Extracted records

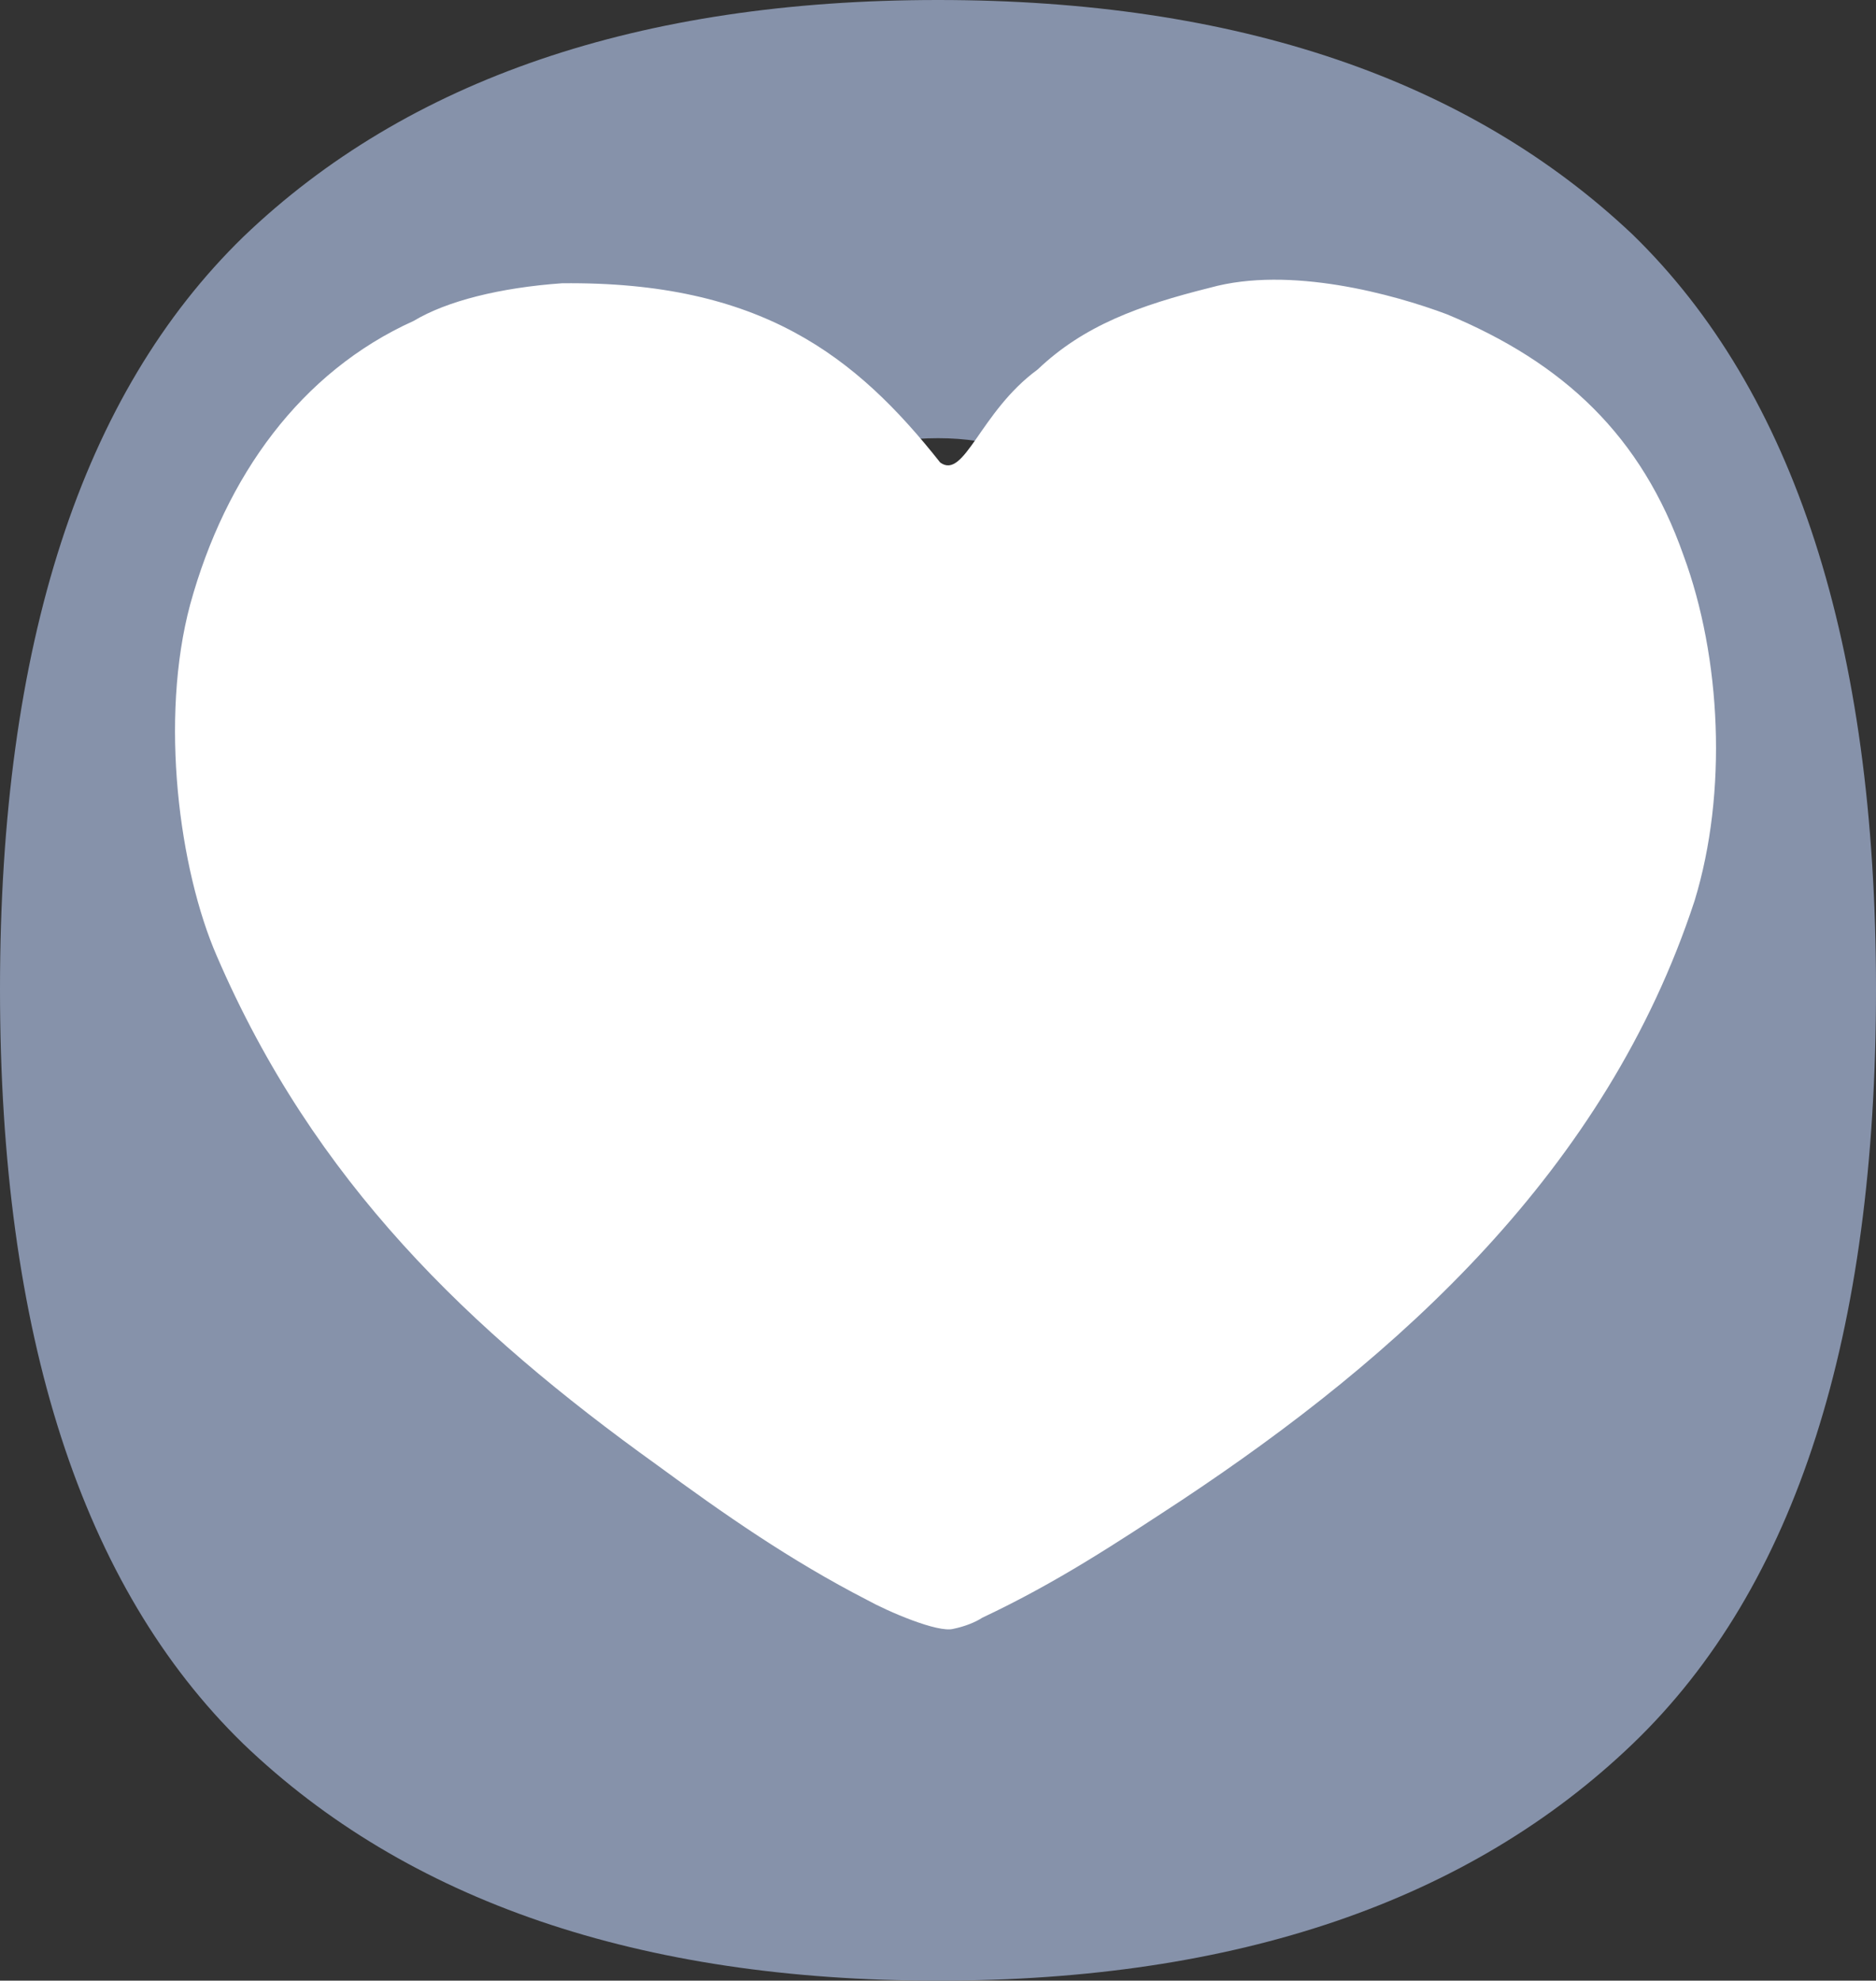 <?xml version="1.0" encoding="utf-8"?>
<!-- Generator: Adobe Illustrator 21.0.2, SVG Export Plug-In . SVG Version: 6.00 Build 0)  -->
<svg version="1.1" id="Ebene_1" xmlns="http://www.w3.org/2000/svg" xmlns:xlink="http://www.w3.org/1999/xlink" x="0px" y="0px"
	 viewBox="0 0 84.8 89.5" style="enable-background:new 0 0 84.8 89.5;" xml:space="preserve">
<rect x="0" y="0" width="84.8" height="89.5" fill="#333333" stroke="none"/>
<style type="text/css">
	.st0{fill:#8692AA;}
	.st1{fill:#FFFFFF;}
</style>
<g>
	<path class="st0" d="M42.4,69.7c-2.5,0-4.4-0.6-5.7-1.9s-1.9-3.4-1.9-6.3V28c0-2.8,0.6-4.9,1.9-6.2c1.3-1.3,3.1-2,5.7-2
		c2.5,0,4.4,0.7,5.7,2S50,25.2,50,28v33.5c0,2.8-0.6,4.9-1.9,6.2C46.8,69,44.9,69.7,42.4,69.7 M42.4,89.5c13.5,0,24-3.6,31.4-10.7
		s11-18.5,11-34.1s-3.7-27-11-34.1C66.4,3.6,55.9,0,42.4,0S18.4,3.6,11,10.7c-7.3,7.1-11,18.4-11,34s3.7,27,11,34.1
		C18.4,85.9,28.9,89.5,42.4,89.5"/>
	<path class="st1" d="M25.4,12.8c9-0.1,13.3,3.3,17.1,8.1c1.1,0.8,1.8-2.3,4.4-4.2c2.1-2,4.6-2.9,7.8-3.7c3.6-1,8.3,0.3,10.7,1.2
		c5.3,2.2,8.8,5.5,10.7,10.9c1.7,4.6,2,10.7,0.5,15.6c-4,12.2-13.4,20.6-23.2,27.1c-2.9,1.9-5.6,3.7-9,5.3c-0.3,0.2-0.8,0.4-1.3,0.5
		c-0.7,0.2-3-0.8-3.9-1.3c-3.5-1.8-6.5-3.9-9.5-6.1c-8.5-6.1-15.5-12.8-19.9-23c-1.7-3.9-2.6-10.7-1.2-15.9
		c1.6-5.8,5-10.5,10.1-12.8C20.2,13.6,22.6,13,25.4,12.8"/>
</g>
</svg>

* PROBLEM TO WORK ON
In the records above, tally the lines where the word "style" appears, and give the number and nothing else.

* SOLUTION FOR THIS TASK
3